In contrast to changes in attitudes, beliefs about the effectiveness of mental health treatment and about recovery without such treatment did not change appreciably across time. Thus increased use of mental health services and improved attitudes toward mental health treatment seeking in more recent years cannot be attributed to changes in beliefs about the effectiveness of mental health treatments or about the likelihood of recovery without treatment. This finding indirectly points to reduction in psychological barriers, such as the stigma associated with the receipt of mental health care, as a major cause of improved attitudes to mental health treatment seeking and also, possibly, a contributing factor to increased use of mental health services in recent years.
The findings from this study should be viewed in the context of its limitations. First, assessments of attitudes and beliefs did not distinguish between pharmacological and psychosocial treatments. Attitudes and beliefs about these different forms of treatment might have changed differently in recent years (29,30). Second, the general public is able to distinguish between different forms of mental illness and the appropriateness of various treatments for each condition (30)—a distinction not captured by the NCS and NCS-R questions. Third, stigma associated with mental illness and its treatment is complex (31), encompassing both cognitive evaluations and emotional reactions. Furthermore, stigma associated with treatment seeking for severe mental illnesses might have different correlates and time trends than stigma associated with treatment seeking for the less severe mental health problems. Of note, there is some evidence that the public perception of violence among persons with mental illness in the United States significantly increased between 1950 and 1996 (1,32). Whereas, in the same study, Americans were more likely in 1996 than they were in 1950 to admit having experienced a "nervous breakdown" in their lifetime (1). A full evaluation of the multiple aspects of stigma associated with mental illness and its treatment requires more detailed information than is captured by the NCS and NCS-R questions. Finally, accurate ascertainment of a generation or cohort effect requires that the same individuals be followed over time. However, this study is based on data from two cross-sectional surveys. Findings with regard to generation effect would be valid only with the assumption that the age groups in each survey were representative of their generations.
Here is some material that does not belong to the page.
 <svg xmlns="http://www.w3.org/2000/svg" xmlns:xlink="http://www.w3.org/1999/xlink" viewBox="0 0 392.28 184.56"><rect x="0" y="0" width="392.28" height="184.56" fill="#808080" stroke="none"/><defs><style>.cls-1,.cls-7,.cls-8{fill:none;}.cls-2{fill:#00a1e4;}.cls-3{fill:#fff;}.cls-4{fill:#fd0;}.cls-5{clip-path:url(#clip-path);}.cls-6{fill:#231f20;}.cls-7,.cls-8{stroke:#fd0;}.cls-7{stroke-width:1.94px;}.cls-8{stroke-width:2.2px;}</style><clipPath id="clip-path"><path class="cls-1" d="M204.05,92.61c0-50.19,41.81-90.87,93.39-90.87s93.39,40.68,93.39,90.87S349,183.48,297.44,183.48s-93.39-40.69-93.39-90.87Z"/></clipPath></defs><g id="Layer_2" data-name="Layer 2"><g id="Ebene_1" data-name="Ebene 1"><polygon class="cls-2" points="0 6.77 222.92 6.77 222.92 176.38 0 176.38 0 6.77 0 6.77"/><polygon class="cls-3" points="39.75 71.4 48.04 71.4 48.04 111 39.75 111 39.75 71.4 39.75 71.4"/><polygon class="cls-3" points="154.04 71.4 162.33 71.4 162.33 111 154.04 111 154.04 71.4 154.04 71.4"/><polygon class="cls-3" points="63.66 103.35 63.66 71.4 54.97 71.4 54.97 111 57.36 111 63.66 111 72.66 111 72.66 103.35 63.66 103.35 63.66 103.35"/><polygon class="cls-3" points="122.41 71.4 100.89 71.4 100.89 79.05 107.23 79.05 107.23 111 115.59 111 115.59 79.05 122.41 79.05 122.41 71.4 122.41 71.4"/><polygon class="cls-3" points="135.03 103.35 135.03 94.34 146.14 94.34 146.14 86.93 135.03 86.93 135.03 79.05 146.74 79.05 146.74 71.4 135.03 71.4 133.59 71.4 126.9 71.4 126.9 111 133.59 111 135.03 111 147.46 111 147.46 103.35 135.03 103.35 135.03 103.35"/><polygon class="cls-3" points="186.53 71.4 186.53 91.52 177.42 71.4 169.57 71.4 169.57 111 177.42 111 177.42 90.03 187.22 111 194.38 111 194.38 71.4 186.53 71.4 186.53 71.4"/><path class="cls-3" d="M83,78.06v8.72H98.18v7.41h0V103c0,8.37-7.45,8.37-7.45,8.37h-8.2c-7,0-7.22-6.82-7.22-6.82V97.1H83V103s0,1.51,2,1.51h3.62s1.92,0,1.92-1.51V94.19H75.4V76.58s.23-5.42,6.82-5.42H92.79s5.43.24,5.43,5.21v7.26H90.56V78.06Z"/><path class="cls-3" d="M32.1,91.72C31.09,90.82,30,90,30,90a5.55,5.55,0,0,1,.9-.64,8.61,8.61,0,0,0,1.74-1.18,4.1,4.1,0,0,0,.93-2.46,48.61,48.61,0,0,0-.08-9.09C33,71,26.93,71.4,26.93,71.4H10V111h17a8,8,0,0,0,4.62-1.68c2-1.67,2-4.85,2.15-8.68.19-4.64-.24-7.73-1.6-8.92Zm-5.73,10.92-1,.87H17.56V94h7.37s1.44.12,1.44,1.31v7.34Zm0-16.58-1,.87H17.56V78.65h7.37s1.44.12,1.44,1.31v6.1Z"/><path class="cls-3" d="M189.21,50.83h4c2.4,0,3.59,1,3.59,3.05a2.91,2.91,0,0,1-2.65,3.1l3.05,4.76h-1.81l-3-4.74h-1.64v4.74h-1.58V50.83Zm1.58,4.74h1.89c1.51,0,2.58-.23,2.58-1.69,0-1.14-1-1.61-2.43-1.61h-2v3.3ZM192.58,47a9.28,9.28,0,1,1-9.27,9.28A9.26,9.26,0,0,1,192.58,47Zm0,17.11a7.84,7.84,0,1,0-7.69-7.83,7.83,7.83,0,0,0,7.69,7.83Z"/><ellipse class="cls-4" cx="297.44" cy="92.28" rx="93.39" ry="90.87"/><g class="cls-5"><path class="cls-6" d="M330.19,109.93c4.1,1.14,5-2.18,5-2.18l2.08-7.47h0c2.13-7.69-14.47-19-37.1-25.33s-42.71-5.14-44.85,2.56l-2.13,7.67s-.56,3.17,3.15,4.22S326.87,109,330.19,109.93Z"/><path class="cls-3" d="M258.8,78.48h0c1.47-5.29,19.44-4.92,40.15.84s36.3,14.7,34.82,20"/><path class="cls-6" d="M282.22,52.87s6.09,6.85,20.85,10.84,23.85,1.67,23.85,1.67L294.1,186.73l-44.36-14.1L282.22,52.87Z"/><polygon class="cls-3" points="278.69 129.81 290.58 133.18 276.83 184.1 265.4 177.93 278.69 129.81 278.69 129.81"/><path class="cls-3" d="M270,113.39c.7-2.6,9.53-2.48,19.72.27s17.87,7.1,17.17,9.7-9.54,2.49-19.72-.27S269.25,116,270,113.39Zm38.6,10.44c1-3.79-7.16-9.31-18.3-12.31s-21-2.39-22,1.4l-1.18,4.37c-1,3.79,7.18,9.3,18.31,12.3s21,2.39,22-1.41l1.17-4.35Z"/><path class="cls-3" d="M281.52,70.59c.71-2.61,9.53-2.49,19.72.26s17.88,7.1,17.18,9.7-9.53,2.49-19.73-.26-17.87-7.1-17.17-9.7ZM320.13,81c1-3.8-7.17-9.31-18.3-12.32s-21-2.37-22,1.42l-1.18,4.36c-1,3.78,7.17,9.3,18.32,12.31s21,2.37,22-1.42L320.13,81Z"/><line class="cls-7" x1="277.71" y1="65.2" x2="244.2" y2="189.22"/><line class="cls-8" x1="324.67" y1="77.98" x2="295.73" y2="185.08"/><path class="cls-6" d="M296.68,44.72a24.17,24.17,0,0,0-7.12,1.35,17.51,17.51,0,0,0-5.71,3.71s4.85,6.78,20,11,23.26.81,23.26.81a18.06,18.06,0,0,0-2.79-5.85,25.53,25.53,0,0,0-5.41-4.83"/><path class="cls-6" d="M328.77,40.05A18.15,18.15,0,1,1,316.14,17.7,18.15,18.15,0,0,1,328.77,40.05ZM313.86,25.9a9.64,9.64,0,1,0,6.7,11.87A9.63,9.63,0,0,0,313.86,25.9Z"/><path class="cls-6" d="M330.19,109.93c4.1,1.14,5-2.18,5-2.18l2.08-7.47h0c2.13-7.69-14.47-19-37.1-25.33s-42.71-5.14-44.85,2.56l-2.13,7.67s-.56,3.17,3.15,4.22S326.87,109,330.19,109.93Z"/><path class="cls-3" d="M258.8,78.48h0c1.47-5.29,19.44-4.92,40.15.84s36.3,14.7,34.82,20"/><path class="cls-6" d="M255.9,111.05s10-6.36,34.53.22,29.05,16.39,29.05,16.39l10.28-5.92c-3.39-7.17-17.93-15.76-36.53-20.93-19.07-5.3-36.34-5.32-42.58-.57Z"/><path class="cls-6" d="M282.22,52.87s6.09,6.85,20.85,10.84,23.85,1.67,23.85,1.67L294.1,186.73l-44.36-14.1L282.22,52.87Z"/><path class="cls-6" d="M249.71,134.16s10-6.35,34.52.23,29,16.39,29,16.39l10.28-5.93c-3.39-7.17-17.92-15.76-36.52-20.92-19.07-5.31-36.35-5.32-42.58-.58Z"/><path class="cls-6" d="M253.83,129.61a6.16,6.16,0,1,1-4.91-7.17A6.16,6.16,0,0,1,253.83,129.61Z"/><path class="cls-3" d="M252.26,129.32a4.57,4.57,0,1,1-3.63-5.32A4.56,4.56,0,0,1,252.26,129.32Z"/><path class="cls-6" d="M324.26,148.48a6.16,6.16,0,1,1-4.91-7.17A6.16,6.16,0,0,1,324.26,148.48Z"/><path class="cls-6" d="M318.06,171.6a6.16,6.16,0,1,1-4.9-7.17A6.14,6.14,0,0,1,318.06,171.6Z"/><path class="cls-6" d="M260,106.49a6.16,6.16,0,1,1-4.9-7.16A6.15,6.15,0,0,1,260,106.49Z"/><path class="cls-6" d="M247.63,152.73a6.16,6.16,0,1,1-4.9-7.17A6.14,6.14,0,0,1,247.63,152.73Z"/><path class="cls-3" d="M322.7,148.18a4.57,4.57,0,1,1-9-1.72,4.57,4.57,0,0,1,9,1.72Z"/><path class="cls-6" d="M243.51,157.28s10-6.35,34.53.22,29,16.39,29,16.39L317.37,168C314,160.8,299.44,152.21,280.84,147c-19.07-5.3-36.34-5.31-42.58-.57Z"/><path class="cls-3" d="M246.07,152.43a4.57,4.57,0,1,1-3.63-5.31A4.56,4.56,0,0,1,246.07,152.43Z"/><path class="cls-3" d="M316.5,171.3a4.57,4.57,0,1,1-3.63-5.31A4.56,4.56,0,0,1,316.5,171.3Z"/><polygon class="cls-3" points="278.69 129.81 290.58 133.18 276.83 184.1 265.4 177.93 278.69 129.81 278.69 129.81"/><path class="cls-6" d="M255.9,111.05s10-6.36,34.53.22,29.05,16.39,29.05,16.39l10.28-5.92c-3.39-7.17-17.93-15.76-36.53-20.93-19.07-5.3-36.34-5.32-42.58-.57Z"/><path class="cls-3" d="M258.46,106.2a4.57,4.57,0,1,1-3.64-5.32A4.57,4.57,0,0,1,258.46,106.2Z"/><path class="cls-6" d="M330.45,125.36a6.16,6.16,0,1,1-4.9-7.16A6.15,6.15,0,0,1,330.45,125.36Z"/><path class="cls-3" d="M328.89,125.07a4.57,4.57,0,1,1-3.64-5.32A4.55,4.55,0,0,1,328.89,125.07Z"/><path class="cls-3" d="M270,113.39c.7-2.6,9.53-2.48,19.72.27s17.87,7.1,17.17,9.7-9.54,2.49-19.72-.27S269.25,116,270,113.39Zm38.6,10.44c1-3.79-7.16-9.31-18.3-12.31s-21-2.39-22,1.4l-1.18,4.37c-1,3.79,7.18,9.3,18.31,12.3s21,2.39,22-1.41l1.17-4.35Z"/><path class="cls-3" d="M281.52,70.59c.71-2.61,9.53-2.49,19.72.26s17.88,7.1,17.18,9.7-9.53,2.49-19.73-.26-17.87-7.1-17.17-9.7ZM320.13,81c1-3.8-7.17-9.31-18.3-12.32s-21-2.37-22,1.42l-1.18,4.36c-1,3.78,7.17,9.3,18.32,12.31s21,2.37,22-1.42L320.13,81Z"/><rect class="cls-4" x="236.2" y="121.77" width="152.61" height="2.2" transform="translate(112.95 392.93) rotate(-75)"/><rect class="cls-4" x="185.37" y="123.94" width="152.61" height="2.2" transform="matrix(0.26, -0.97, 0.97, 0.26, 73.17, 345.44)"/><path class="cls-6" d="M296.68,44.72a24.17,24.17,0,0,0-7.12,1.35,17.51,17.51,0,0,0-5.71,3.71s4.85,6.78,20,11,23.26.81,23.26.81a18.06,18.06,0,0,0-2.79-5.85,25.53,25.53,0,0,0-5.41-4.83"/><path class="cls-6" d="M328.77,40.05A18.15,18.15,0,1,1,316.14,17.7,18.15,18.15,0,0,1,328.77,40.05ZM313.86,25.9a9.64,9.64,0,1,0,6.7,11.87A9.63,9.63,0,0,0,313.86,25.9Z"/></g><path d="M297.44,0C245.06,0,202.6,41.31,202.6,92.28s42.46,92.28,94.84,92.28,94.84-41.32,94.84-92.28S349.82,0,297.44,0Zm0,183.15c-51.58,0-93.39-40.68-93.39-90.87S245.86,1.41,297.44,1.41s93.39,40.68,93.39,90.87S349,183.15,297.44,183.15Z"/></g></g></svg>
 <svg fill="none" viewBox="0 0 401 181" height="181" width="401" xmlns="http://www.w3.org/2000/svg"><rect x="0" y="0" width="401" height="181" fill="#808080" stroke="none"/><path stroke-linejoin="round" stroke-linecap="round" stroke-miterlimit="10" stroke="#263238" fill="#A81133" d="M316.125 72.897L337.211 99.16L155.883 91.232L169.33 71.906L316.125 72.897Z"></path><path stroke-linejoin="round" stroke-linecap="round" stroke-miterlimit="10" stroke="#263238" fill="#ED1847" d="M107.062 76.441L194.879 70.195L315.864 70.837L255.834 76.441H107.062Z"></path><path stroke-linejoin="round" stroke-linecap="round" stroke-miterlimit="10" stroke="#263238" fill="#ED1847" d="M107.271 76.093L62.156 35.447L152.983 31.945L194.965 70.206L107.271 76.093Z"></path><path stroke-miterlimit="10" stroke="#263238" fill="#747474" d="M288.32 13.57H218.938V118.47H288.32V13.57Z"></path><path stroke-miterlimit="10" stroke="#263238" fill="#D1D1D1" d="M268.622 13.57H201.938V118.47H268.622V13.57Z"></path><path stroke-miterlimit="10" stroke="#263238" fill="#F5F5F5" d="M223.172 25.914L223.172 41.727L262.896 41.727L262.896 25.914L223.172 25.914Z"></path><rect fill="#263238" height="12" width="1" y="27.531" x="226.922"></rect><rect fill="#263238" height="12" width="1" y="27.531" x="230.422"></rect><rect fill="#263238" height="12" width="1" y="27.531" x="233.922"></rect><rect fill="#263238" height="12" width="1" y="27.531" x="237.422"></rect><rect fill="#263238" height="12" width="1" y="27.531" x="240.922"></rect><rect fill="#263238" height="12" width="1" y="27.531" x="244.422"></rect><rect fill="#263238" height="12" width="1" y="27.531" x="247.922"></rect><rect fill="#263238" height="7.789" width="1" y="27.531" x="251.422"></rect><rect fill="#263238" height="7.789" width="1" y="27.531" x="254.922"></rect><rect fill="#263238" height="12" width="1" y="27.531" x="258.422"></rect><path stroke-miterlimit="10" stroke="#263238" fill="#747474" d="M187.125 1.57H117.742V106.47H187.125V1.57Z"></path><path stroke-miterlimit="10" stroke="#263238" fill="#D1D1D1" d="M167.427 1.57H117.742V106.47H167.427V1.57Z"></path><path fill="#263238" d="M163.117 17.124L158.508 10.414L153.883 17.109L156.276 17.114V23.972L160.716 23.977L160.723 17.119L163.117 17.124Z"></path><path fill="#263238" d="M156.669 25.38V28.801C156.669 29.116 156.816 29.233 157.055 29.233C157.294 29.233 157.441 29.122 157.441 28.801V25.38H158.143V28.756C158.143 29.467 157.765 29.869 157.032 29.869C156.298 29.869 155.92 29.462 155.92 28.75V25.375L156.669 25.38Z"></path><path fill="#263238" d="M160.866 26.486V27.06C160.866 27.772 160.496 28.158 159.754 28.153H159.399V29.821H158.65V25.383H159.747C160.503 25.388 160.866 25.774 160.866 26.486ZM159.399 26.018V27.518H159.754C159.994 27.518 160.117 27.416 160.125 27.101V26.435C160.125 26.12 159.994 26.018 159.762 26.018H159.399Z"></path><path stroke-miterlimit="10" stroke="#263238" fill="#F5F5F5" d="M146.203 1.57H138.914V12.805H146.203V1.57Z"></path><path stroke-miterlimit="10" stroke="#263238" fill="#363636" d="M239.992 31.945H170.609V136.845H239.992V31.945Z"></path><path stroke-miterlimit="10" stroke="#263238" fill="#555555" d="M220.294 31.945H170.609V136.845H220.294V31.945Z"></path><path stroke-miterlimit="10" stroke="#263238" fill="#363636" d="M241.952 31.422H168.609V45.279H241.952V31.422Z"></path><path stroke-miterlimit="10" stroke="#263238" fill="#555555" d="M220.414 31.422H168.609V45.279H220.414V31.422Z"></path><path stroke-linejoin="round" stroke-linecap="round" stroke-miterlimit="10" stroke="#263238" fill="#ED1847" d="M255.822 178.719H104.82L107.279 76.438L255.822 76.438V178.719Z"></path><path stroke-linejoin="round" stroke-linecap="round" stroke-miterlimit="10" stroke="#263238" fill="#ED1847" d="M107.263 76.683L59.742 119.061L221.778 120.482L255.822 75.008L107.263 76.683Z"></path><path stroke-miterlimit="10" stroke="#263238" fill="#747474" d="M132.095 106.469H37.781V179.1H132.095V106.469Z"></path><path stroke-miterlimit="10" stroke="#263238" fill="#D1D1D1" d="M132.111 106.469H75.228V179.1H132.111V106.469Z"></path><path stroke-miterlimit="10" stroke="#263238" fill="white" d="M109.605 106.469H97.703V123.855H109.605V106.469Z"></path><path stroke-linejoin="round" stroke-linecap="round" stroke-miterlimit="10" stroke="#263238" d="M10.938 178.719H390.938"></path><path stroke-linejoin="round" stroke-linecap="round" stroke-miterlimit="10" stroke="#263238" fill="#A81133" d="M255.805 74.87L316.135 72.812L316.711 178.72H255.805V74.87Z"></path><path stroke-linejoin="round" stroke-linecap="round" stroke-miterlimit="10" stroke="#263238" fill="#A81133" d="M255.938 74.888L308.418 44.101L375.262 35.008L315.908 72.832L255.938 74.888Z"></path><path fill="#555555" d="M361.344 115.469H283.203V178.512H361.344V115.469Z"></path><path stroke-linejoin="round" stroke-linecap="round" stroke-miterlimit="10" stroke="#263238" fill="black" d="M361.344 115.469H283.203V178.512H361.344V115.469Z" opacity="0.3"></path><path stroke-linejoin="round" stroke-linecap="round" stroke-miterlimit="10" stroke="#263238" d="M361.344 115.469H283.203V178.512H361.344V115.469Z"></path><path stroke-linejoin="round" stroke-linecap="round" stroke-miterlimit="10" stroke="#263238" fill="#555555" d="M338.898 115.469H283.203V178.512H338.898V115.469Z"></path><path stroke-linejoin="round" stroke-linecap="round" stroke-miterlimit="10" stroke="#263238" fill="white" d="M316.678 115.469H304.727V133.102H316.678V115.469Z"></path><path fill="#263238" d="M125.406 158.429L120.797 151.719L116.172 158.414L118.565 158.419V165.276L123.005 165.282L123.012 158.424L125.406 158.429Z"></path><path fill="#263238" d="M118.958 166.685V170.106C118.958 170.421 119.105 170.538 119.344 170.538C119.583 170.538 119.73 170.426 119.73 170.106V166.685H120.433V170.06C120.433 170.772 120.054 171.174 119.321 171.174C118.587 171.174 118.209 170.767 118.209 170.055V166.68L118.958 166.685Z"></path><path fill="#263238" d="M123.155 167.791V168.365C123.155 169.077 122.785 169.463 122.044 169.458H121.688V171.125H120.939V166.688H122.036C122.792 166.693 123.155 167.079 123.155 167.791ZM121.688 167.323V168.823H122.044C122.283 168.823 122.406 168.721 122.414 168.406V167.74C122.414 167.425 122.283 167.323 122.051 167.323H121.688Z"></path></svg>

In the context of the study's limitations, comparison of the data from 1990—1992 and 2001—2003 suggests a modest improvement in Americans' attitudes toward mental health treatment seeking over a period of more than a decade. The improvement was more pronounced among the younger generation. Coupled with the growing perception of psychological distress in the general public (1), these trends in attitudes toward mental health treatment seeking will likely contribute to an increased demand for mental health services in the coming years.
The National Comorbidity Survey was supported by grants R01-MH-46376, R01-MH-49098, and R01-MH-52861 from the National Institute of Mental Health (NIMH), with supplemental support from grant MH-46376 from the National Institute of Drug Abuse (NIDA) and grant 90135190 from the William T. Grant Foundation. The National Comorbidity Survey Replication is supported by grant U01-MH 60220 from NIMH, with supplemental support from grants from the NIDA, the Substance Abuse and Mental Health Services Administration, the Robert Wood Johnson Foundation (grant 044708), and the John W. Alden Trust.
The author reports no competing interests.